# Your assignment
Of the entries below, return only those lines from the line with "#418=ORIENTED_EDGE('',*,*,#306,.T.);" to the line with "#658=DIRECTION('ref_axis',(0.,0.,-1.));", exactly, both included.

[Stored items from a collection]
---+---

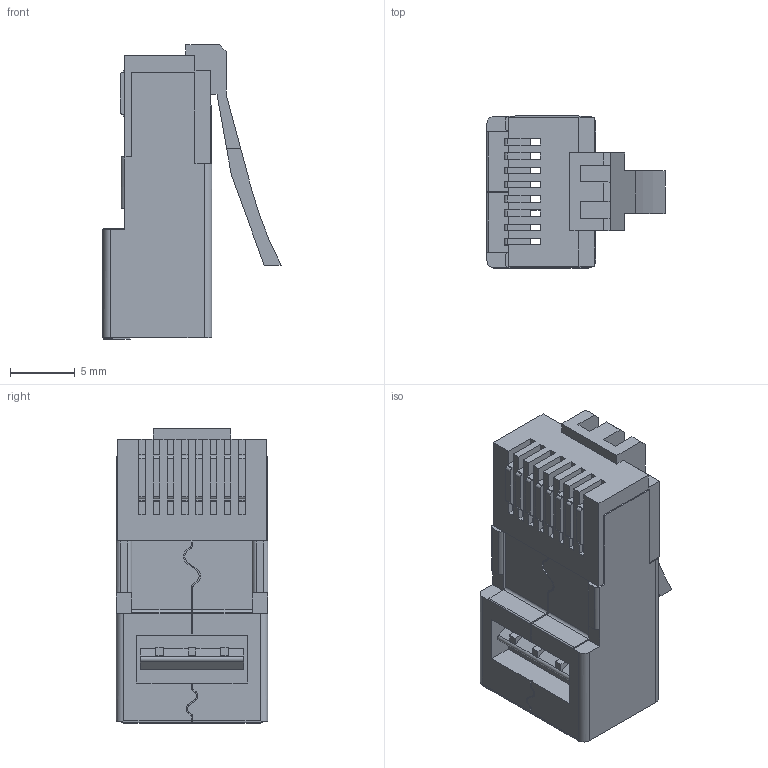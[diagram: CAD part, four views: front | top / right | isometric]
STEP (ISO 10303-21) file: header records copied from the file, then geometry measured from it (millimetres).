
FILE_DESCRIPTION(/* description */ (''),/* implementation_level */ '2;1');
FILE_NAME(/* name */ '100118107ugm000_c.stp',/* time_stamp */ '2019-08-29T07:37:56+02:00',/* author */ (''),/* organization */ (''),/* preprocessor_version */ 'ST-DEVELOPER v16.7',/* originating_system */ 'SIEMENS PLM Software NX 12.0',/* authorisation */ '');
FILE_SCHEMA (('AUTOMOTIVE_DESIGN { 1 0 10303 214 3 1 1 1 }'));
Length unit declared in the file: millimetre
Products named in the file (1): 100118107ugm000_c
Bounding box: 13.74 x 11.7 x 22.7 mm (x, y, z)
Volume: 1129.2 mm3; surface area: 1959.1 mm2
Topology: 1 solids, 1 shells, 319 faces, 988 edges, 638 vertices
Faces by surface type: plane 250, cylinder 63, bspline 6
Entity records: 12127 total; most frequent: CARTESIAN_POINT 2069, ORIENTED_EDGE 1970, DIRECTION 1739, EDGE_CURVE 985, LINE 835, VECTOR 835, VERTEX_POINT 637, AXIS2_PLACEMENT_3D 452
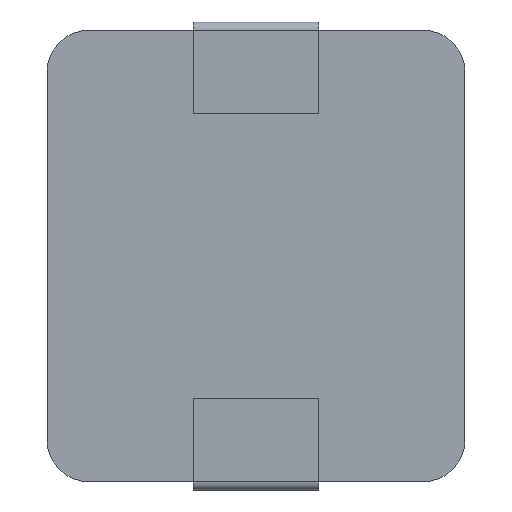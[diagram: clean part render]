
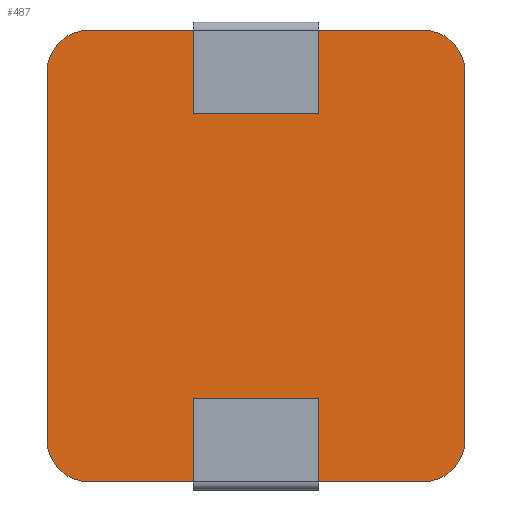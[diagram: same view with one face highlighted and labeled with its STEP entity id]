
A CAD part, front view. The second image highlights one B-rep face of the part: STEP entity #487.
In plain terms, the highlighted planar face has unit normal (0, -1, 0).
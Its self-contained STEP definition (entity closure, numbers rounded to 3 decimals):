
#29=CIRCLE('',#536,1.);
#30=CIRCLE('',#537,1.);
#31=CIRCLE('',#538,1.);
#32=CIRCLE('',#539,1.);
#59=FACE_OUTER_BOUND('',#87,.T.);
#87=EDGE_LOOP('',(#411,#412,#413,#414,#415,#416,#417,#418));
#133=LINE('',#781,#187);
#135=LINE('',#786,#189);
#139=LINE('',#795,#193);
#143=LINE('',#804,#197);
#187=VECTOR('',#637,1000.);
#189=VECTOR('',#641,1000.);
#193=VECTOR('',#647,1000.);
#197=VECTOR('',#653,1000.);
#231=VERTEX_POINT('',#778);
#232=VERTEX_POINT('',#780);
#233=VERTEX_POINT('',#784);
#234=VERTEX_POINT('',#785);
#237=VERTEX_POINT('',#793);
#238=VERTEX_POINT('',#794);
#241=VERTEX_POINT('',#802);
#242=VERTEX_POINT('',#803);
#289=EDGE_CURVE('',#231,#232,#133,.T.);
#291=EDGE_CURVE('',#233,#234,#135,.T.);
#295=EDGE_CURVE('',#237,#238,#139,.T.);
#299=EDGE_CURVE('',#241,#242,#143,.T.);
#303=EDGE_CURVE('',#231,#242,#29,.T.);
#304=EDGE_CURVE('',#241,#238,#30,.T.);
#305=EDGE_CURVE('',#237,#234,#31,.T.);
#306=EDGE_CURVE('',#233,#232,#32,.T.);
#411=ORIENTED_EDGE('',*,*,#289,.F.);
#412=ORIENTED_EDGE('',*,*,#303,.T.);
#413=ORIENTED_EDGE('',*,*,#299,.F.);
#414=ORIENTED_EDGE('',*,*,#304,.T.);
#415=ORIENTED_EDGE('',*,*,#295,.F.);
#416=ORIENTED_EDGE('',*,*,#305,.T.);
#417=ORIENTED_EDGE('',*,*,#291,.F.);
#418=ORIENTED_EDGE('',*,*,#306,.T.);
#463=PLANE('',#535);
#487=ADVANCED_FACE('',(#59),#463,.T.);
#535=AXIS2_PLACEMENT_3D('',#810,#657,#658);
#536=AXIS2_PLACEMENT_3D('',#811,#659,#660);
#537=AXIS2_PLACEMENT_3D('',#812,#661,#662);
#538=AXIS2_PLACEMENT_3D('',#813,#663,#664);
#539=AXIS2_PLACEMENT_3D('',#814,#665,#666);
#637=DIRECTION('',(0.,0.,1.));
#641=DIRECTION('',(1.,0.,0.));
#647=DIRECTION('',(0.,0.,-1.));
#653=DIRECTION('',(-1.,0.,0.));
#657=DIRECTION('center_axis',(0.,-1.,0.));
#658=DIRECTION('ref_axis',(0.,0.,-1.));
#659=DIRECTION('center_axis',(0.,-1.,0.));
#660=DIRECTION('ref_axis',(0.,0.,-1.));
#661=DIRECTION('center_axis',(0.,-1.,0.));
#662=DIRECTION('ref_axis',(0.,0.,-1.));
#663=DIRECTION('center_axis',(0.,-1.,0.));
#664=DIRECTION('ref_axis',(0.,0.,-1.));
#665=DIRECTION('center_axis',(0.,-1.,0.));
#666=DIRECTION('ref_axis',(0.,0.,-1.));
#778=CARTESIAN_POINT('',(0.,0.,-9.8));
#780=CARTESIAN_POINT('',(0.,0.,-1.));
#781=CARTESIAN_POINT('',(0.,0.,0.));
#784=CARTESIAN_POINT('',(1.,0.,0.));
#785=CARTESIAN_POINT('',(9.,0.,0.));
#786=CARTESIAN_POINT('',(0.,0.,0.));
#793=CARTESIAN_POINT('',(10.,0.,-1.));
#794=CARTESIAN_POINT('',(10.,0.,-9.8));
#795=CARTESIAN_POINT('',(10.,0.,0.));
#802=CARTESIAN_POINT('',(9.,0.,-10.8));
#803=CARTESIAN_POINT('',(1.,0.,-10.8));
#804=CARTESIAN_POINT('',(0.,0.,-10.8));
#810=CARTESIAN_POINT('Origin',(0.,0.,0.));
#811=CARTESIAN_POINT('Origin',(1.,0.,-9.8));
#812=CARTESIAN_POINT('Origin',(9.,0.,-9.8));
#813=CARTESIAN_POINT('Origin',(9.,0.,-1.));
#814=CARTESIAN_POINT('Origin',(1.,0.,-1.));

---+---

# Result
#418=ORIENTED_EDGE('',*,*,#306,.T.);
#463=PLANE('',#535);
#487=ADVANCED_FACE('',(#59),#463,.T.);
#535=AXIS2_PLACEMENT_3D('',#810,#657,#658);
#536=AXIS2_PLACEMENT_3D('',#811,#659,#660);
#537=AXIS2_PLACEMENT_3D('',#812,#661,#662);
#538=AXIS2_PLACEMENT_3D('',#813,#663,#664);
#539=AXIS2_PLACEMENT_3D('',#814,#665,#666);
#637=DIRECTION('',(0.,0.,1.));
#641=DIRECTION('',(1.,0.,0.));
#647=DIRECTION('',(0.,0.,-1.));
#653=DIRECTION('',(-1.,0.,0.));
#657=DIRECTION('center_axis',(0.,-1.,0.));
#658=DIRECTION('ref_axis',(0.,0.,-1.));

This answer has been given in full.